SharedIt: https://rdcu.be/cyl8z

# Reviews

### Review #1

• Please describe the contribution of the paper

The paper presents a segmentation method for multi-modal images with missing modalities, using co-training and adversarial learning objectives to make it less sensitive to missing modalities. The authors demonstrate their method on the BRATS 2018 tumor segmentation dataset, showing improved performance in comparison with other methods. In particular, they claim their method is better able to deal with more than one missing modality.

• Please list the main strengths of the paper; you should write about a novel formulation, an original way to use data, demonstration of clinical feasibility, a novel application, a particularly strong evaluation, or anything else that is a strong aspect of this work. Please provide details, for instance, if a method is novel, explain what aspect is novel and why this is interesting.
• The co-training approach is interesting, as are the adversarial and modality-mutual information components.

• The results suggest that the proposed method is better able to handle scenarios with more than one missing modality. For these cases, they show a clear improvement over the other methods in the comparison.

• The experiments are fairly complete, including an ablation study to evaluate the various components of this complex model.

• Please list the main weaknesses of the paper. Please provide details, for instance, if you think a method is not novel, explain why and provide a reference to prior work.
• It is not clear to me how the method works at test time. For training, the model produces at least two segmentations per subject (one from the multimodal and one from the unimodal path). Which segmentation is used to make the final predictions?

• The model consists of two learning paths, multimodal and unimodal, but it is not clear to me how this works. Is the unimodal path trained for one specific modality, is there one unimodal path for each modality, or is a single unimodal path trained for all modalities at the same time?

• A limitation of the approach is that it requires a complete training set (I think). Other methods in the comparison (such as HeMiS) can be trained with incomplete datasets. This limitation is not discussed.

• The dataset is randomly split into a training and validation set (Section 3.1), but there is no mention of a test set. How does this work?

• Some of the state-of-the-art methods (e.g., HeMis) use modality dropout during training. It is not clear whether the authors used a similar approach here. This can have a strong influence on the performance.

• There is no discussion of the complexity of the models. For example, the proposed ACN method uses a multimodal and a unimodal branch. Does this mean that it has twice as many parameters as the HeMiS and HVED models?

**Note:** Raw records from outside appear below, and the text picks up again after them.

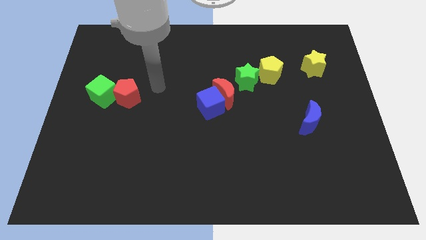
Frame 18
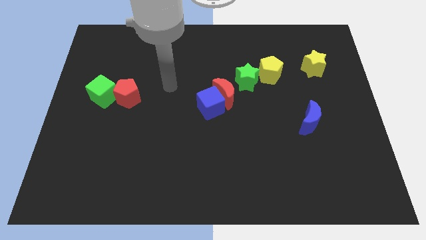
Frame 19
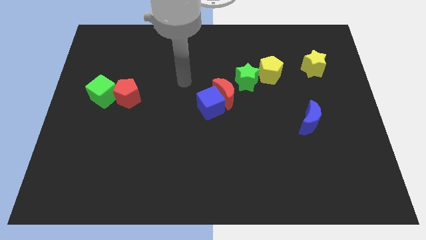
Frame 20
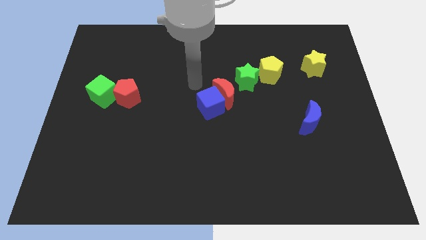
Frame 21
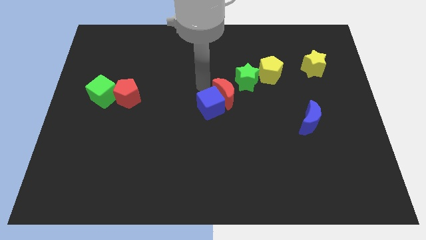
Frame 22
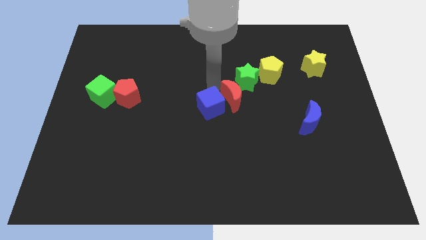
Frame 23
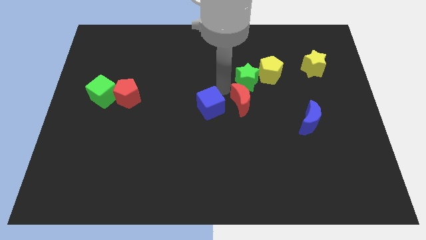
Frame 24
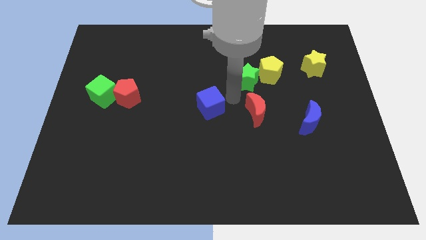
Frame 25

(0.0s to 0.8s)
pull the blue cube apart from the red moon

• The text claims that there are “significant” differences between the performance of the methods. How was this determined? There is no mention of a statistical test and we are only shown mean performances.

• There are quite a few textual problems (spelling, grammar, missing words) in the paper, which sometimes make the arguments hard to follow.

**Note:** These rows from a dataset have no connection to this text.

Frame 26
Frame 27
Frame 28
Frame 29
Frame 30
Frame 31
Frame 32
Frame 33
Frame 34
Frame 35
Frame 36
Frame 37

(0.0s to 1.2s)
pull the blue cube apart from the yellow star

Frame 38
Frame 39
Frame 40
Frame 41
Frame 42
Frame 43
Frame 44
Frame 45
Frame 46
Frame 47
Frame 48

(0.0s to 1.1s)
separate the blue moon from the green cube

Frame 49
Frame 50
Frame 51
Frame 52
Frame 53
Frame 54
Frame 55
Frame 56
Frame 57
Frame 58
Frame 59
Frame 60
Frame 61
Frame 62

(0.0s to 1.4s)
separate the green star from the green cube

• Please rate the clarity and organization of this paper

Poor

• Please comment on the reproducibility of the paper. Note, that authors have filled out a reproducibility checklist upon submission. Please be aware that authors are not required to meet all criteria on the checklist - for instance, providing code and data is a plus, but not a requirement for acceptance

The description of the model and evaluation is somewhat limited. The hyperparameters and training procedure are explained well, but it it not entirely clear how the method works in practice.

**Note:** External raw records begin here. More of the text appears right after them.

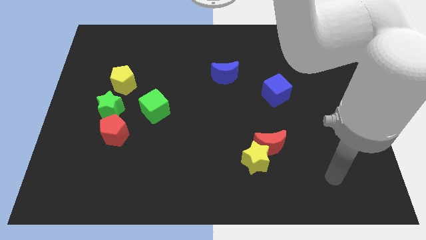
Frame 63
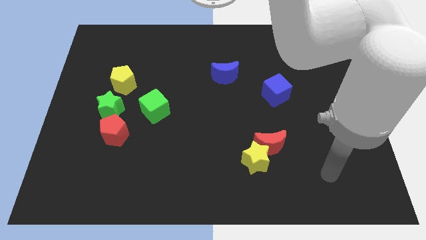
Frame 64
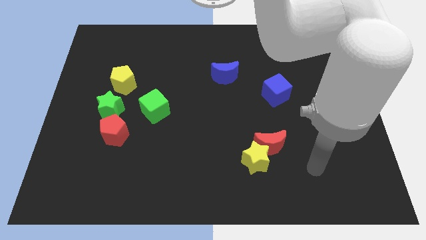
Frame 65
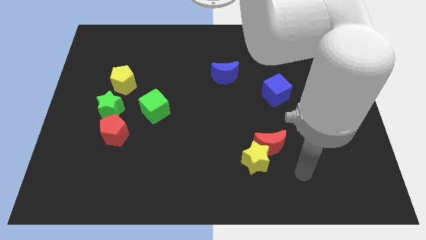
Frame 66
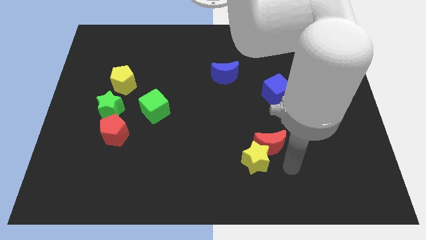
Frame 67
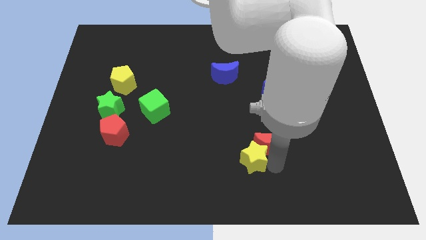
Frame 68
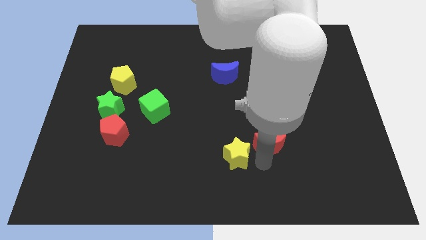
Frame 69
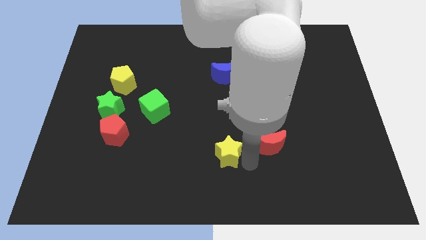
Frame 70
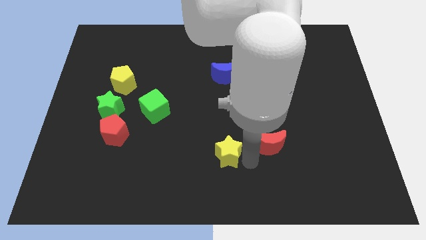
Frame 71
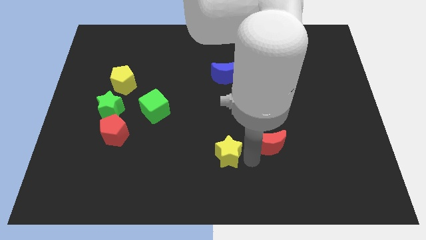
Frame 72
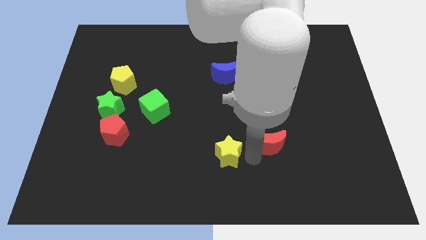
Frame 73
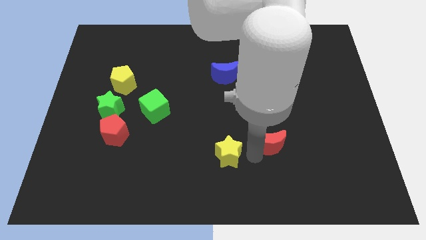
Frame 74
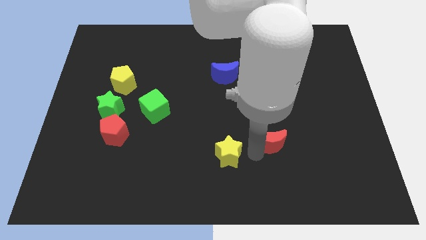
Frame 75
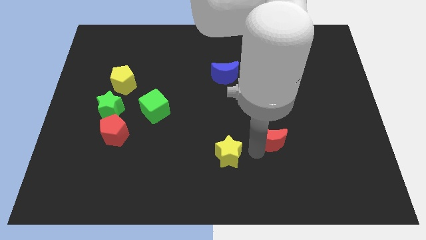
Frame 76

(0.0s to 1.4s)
separate the red moon from the yellow star

• Please provide detailed and constructive comments for the authors. Please also refer to our Reviewer’s guide on what makes a good review: https://miccai2021.org/en/REVIEWER-GUIDELINES.html

The entropy adversarial learning module and the knowledge adversarial learning module both work on the intermediate representation of the segmentation U-Net. Does this mean they serve a similar purpose, and are potentially redundant?

Section 2.2: “These pixel-level vectors can be seen as the disentanglement of the Shannon Entropy, which reveals the prediction confidence.” What does this mean?

Section 2.3: “KnA serves as a soft-alignment to encourage unimodal path to learn abundant and ‘missing’ knowledge from full modality.” This sentence has some grammatical problems (the unimodal path, full modality). I don’t know what “abundant” means in this context and how “missing” knowledge could be learnt.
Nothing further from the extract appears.